■ **ASSIGNMENT**
Work through the listing below and state how many of its lines hold the word "platform". Give no other output.
─── RECORDS PROVIDED ───
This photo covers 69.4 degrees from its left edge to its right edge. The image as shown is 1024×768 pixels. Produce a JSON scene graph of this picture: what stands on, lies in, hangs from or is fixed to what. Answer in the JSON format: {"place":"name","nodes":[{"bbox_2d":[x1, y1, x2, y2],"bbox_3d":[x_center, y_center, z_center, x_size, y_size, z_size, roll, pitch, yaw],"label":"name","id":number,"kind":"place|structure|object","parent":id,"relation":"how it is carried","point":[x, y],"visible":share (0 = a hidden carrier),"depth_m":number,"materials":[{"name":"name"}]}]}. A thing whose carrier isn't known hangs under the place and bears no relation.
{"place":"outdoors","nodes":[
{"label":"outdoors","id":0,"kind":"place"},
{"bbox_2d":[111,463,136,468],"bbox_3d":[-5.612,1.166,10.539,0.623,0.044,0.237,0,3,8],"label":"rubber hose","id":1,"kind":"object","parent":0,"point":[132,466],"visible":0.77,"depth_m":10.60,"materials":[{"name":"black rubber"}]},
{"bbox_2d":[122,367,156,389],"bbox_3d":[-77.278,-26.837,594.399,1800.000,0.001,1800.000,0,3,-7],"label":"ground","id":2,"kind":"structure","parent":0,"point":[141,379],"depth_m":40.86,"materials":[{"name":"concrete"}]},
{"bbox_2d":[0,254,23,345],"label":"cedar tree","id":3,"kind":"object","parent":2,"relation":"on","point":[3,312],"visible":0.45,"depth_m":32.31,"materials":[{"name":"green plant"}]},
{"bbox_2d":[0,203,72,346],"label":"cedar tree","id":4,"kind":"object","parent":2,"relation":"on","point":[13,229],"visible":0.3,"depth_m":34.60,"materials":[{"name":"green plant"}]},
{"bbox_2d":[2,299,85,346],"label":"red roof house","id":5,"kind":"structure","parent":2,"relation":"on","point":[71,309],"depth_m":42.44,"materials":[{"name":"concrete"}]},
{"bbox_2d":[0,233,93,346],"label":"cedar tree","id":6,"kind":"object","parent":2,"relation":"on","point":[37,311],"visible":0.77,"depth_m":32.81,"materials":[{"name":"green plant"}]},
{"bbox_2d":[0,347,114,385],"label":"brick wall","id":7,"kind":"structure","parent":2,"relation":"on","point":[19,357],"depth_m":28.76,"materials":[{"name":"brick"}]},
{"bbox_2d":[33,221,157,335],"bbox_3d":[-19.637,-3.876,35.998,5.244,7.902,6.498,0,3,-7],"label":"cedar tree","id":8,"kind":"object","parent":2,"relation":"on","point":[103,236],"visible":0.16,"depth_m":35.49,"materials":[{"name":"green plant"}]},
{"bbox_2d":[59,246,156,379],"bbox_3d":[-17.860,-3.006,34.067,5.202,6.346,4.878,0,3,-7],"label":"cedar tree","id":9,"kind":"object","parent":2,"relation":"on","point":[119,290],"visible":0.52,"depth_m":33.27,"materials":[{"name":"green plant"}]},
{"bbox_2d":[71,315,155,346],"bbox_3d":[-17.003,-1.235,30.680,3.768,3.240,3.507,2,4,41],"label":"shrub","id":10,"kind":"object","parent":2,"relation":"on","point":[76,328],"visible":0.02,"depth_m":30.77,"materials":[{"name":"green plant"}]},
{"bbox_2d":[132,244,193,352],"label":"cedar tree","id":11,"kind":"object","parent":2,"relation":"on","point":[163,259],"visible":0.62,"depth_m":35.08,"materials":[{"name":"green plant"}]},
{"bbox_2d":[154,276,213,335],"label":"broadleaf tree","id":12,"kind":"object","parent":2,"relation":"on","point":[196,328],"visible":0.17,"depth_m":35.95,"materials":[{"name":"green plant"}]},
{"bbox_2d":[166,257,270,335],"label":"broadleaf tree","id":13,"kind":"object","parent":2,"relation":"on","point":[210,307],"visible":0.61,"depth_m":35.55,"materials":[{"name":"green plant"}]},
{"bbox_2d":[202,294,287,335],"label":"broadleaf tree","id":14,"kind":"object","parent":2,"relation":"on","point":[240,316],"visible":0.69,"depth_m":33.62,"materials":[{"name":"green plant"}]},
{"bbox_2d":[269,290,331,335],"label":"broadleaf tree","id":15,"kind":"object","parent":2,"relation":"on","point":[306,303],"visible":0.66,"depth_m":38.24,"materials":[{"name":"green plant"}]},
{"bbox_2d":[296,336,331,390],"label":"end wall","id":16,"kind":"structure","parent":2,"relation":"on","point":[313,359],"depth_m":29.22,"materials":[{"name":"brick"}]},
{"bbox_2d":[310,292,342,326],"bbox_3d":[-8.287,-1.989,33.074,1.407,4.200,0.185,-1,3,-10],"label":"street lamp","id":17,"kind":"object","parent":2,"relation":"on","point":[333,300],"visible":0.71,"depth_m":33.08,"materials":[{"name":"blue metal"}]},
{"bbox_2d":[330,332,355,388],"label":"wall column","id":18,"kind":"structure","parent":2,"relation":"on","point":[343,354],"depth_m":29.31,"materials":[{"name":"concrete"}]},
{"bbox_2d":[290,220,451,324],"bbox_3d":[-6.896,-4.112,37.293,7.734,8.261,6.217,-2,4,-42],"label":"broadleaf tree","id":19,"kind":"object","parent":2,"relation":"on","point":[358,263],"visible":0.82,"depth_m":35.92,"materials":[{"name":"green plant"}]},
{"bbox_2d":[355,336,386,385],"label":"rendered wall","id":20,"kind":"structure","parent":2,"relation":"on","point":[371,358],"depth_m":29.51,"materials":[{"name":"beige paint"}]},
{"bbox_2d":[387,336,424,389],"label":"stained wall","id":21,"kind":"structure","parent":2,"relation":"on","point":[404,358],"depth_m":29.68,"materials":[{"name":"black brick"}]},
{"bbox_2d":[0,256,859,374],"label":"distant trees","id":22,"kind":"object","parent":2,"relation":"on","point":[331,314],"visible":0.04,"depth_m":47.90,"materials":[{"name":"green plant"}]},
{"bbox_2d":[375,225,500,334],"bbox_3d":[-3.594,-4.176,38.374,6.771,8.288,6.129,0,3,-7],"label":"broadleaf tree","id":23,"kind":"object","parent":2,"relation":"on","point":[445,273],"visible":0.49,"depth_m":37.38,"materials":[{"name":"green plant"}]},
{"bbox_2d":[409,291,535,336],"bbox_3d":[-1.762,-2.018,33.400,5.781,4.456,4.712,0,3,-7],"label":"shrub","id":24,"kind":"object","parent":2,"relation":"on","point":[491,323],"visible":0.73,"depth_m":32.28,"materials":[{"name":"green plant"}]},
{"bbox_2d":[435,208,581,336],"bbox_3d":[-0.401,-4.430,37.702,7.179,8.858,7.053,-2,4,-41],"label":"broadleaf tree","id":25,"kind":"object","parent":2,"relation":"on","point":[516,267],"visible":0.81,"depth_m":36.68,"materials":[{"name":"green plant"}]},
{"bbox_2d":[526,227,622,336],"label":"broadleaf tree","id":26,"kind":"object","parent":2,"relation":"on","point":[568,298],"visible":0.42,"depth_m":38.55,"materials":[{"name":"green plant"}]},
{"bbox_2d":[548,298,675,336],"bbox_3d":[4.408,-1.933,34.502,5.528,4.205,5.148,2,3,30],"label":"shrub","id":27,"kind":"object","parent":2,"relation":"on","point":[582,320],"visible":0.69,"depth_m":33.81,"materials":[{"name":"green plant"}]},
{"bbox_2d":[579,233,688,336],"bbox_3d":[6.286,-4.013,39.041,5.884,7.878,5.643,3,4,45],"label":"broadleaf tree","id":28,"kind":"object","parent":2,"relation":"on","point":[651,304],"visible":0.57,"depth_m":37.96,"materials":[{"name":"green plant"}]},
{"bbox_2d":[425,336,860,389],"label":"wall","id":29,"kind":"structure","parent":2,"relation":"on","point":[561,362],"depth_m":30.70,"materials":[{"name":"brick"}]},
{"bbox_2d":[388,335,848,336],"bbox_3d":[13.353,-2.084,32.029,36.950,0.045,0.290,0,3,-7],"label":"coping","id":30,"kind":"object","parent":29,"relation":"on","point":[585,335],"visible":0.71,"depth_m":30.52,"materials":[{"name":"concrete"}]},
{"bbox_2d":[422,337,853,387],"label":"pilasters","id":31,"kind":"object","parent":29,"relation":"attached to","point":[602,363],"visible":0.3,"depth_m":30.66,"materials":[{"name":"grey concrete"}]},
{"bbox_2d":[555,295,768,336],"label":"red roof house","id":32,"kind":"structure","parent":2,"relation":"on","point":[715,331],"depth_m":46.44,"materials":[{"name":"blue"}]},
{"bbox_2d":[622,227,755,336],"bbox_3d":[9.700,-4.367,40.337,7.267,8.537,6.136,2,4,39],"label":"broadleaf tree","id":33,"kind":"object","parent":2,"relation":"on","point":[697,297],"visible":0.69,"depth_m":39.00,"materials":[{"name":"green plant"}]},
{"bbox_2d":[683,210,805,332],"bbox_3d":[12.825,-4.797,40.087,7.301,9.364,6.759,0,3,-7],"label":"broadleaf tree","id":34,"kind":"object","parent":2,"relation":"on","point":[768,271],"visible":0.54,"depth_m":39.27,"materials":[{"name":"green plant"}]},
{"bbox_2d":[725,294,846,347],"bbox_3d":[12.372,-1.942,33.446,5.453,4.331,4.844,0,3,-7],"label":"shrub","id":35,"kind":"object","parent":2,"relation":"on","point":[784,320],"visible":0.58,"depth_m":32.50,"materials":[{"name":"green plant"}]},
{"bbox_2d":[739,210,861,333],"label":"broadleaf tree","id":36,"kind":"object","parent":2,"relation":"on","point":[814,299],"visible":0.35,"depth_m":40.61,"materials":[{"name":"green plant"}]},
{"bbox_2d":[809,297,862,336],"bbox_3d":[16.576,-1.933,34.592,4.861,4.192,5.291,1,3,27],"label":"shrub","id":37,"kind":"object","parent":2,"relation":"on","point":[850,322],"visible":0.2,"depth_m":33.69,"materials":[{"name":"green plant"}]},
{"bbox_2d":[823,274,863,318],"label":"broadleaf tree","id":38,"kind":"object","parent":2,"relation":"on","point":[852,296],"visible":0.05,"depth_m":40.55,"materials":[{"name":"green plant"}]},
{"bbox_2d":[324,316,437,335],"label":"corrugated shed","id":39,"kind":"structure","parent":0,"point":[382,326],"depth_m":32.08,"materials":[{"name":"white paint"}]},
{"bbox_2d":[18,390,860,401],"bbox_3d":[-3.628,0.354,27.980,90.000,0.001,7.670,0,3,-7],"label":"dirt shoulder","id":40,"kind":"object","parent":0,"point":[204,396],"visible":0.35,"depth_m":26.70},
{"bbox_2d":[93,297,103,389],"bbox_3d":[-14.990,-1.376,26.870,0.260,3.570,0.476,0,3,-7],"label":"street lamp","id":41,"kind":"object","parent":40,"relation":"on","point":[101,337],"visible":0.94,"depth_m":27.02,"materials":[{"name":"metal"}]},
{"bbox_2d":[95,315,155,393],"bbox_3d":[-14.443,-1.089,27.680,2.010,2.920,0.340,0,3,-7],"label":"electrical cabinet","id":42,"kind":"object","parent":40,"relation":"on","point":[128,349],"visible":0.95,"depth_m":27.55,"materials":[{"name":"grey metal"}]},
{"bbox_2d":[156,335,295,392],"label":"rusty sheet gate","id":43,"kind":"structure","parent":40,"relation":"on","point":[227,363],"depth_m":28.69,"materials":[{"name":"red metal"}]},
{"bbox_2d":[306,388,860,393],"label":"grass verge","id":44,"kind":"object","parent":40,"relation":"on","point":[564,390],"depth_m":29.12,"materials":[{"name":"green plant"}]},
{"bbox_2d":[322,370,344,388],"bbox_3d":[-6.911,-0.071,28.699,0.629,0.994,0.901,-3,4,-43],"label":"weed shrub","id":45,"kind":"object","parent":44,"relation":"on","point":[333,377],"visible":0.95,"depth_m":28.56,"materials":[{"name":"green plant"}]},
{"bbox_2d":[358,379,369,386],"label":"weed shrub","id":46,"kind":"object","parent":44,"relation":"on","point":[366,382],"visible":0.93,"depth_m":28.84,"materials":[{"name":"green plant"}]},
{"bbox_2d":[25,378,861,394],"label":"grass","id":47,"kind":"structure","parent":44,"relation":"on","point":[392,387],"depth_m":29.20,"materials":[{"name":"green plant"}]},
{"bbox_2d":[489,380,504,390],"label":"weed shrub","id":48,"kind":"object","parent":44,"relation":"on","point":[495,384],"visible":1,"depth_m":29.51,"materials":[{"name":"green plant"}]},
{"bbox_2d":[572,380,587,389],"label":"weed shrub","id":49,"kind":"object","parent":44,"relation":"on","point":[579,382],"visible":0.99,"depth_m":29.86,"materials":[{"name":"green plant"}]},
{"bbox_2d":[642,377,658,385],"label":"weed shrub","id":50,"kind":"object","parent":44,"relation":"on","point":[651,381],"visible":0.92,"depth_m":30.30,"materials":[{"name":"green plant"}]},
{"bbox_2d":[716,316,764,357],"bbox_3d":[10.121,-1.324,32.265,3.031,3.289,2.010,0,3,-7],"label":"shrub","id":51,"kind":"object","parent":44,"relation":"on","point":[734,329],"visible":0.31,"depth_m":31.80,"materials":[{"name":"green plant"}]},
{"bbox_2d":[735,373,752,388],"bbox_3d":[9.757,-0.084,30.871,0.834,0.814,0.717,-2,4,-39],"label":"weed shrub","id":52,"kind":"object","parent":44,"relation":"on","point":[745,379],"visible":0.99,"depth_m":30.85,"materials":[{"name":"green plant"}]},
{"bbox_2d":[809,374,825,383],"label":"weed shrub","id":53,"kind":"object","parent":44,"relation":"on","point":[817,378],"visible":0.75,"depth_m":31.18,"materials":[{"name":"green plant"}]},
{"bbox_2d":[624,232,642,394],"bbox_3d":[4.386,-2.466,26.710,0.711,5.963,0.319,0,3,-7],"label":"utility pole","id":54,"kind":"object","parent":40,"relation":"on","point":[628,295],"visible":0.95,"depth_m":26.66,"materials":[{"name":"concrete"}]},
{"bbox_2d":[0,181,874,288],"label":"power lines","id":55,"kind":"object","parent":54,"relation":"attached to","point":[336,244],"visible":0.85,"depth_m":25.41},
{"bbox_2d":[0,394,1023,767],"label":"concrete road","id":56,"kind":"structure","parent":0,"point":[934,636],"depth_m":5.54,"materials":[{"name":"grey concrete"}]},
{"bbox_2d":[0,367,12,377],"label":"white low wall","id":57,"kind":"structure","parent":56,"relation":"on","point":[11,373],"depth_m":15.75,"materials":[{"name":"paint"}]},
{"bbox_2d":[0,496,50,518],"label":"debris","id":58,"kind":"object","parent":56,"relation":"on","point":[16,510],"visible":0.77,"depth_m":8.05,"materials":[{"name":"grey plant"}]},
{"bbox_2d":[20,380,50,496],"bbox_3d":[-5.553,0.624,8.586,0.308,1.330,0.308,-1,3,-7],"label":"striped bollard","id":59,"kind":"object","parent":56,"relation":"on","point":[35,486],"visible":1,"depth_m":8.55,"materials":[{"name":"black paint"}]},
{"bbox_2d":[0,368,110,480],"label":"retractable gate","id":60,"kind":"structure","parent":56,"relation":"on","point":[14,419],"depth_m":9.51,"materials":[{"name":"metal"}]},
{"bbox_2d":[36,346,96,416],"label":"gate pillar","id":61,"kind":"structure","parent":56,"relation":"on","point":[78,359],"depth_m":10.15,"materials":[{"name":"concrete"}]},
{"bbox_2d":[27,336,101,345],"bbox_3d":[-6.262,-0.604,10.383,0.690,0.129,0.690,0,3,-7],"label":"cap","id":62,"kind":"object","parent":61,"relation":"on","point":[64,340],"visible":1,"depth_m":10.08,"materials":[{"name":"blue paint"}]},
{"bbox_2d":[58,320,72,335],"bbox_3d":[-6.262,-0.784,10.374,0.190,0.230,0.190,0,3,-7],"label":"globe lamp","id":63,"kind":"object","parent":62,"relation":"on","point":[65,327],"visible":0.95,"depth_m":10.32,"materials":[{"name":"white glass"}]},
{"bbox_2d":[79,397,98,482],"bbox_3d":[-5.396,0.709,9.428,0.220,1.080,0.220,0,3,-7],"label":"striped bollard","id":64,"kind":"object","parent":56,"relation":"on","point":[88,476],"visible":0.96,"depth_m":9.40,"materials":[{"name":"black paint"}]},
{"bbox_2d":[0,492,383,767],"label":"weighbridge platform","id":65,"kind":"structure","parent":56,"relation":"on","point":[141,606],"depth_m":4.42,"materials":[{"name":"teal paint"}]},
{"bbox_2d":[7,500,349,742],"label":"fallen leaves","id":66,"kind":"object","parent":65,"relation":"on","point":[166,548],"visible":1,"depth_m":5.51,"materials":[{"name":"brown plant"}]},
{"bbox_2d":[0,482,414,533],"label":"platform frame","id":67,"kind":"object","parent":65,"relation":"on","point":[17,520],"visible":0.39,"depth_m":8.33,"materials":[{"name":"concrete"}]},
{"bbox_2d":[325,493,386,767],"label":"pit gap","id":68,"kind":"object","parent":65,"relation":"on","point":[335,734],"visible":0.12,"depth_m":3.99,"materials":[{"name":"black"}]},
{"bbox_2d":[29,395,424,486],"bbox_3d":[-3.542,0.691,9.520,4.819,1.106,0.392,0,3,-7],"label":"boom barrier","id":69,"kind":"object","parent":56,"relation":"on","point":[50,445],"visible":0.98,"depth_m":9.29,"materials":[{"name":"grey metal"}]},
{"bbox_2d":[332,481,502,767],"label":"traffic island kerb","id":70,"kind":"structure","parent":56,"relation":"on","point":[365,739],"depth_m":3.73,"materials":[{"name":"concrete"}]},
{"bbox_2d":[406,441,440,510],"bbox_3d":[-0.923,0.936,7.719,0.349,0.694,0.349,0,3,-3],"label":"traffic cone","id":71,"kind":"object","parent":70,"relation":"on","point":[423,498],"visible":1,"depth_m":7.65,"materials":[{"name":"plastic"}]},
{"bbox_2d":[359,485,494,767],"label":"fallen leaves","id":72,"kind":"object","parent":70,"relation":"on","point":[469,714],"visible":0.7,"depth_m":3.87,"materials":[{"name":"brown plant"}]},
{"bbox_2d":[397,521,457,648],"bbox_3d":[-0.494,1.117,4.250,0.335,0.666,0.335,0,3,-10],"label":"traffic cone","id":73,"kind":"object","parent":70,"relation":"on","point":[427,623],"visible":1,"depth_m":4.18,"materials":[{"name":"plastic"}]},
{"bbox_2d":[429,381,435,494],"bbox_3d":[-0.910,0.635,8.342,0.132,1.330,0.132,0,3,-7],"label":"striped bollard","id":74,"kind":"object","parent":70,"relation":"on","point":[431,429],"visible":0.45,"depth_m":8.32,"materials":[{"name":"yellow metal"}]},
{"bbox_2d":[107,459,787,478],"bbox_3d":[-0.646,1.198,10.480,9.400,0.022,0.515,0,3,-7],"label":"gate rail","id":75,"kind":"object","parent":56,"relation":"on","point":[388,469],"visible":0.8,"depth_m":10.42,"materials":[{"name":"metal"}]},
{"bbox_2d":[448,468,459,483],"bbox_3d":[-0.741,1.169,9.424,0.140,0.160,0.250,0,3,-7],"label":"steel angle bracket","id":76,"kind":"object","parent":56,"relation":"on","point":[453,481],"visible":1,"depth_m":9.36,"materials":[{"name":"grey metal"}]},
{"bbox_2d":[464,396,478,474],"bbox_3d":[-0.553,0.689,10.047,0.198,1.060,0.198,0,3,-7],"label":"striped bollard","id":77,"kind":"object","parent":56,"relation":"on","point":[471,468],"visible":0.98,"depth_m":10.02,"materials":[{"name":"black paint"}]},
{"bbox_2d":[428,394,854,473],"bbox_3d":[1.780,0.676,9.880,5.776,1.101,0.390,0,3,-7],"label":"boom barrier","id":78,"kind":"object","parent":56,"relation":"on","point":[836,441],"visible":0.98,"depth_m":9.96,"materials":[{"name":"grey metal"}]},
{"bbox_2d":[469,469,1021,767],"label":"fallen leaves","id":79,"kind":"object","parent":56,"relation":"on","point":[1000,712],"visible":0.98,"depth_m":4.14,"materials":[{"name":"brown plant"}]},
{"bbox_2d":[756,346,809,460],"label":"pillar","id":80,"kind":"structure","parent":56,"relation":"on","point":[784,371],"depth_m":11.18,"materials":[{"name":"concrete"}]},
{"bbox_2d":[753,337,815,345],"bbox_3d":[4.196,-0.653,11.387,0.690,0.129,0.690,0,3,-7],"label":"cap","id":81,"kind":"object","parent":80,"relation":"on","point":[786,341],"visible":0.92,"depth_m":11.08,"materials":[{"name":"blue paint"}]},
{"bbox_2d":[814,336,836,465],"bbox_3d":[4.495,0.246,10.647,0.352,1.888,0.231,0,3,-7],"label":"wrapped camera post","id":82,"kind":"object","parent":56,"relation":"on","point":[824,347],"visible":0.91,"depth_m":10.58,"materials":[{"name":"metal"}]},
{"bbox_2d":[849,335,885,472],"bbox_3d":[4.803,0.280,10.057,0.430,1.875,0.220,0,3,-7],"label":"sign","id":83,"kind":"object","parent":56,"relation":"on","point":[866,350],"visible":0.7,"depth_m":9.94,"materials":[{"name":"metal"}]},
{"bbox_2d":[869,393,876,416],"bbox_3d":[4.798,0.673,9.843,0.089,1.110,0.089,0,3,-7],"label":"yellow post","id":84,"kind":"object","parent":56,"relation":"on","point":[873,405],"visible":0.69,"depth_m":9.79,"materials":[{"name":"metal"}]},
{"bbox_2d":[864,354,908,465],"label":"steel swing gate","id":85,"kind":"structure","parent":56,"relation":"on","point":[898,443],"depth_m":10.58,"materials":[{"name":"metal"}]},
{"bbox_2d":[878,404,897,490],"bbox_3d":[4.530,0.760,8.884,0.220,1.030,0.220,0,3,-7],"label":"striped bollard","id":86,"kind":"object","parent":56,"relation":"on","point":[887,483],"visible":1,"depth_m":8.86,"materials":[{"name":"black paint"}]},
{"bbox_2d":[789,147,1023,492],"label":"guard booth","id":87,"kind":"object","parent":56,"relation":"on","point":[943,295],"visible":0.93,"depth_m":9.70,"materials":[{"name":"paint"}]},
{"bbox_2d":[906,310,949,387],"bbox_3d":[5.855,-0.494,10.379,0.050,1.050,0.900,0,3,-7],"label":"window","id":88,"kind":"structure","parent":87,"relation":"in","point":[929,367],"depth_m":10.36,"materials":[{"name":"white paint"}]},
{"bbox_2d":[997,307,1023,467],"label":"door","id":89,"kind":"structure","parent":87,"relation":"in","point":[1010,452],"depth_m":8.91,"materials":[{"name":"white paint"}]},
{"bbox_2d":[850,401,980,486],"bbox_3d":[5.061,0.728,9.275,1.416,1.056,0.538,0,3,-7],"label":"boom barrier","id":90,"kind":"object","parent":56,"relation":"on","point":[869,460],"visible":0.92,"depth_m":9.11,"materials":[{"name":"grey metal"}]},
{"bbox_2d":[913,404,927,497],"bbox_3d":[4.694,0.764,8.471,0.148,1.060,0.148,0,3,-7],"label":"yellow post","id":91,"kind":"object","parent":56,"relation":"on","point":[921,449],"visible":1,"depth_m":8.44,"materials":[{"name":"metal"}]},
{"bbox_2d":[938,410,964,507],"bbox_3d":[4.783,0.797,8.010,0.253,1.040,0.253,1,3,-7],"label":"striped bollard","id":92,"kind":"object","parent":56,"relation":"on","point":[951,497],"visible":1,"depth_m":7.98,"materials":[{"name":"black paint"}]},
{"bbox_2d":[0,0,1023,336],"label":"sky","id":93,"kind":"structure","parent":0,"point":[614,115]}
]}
───
■ **PROBLEM SOLUTION**
2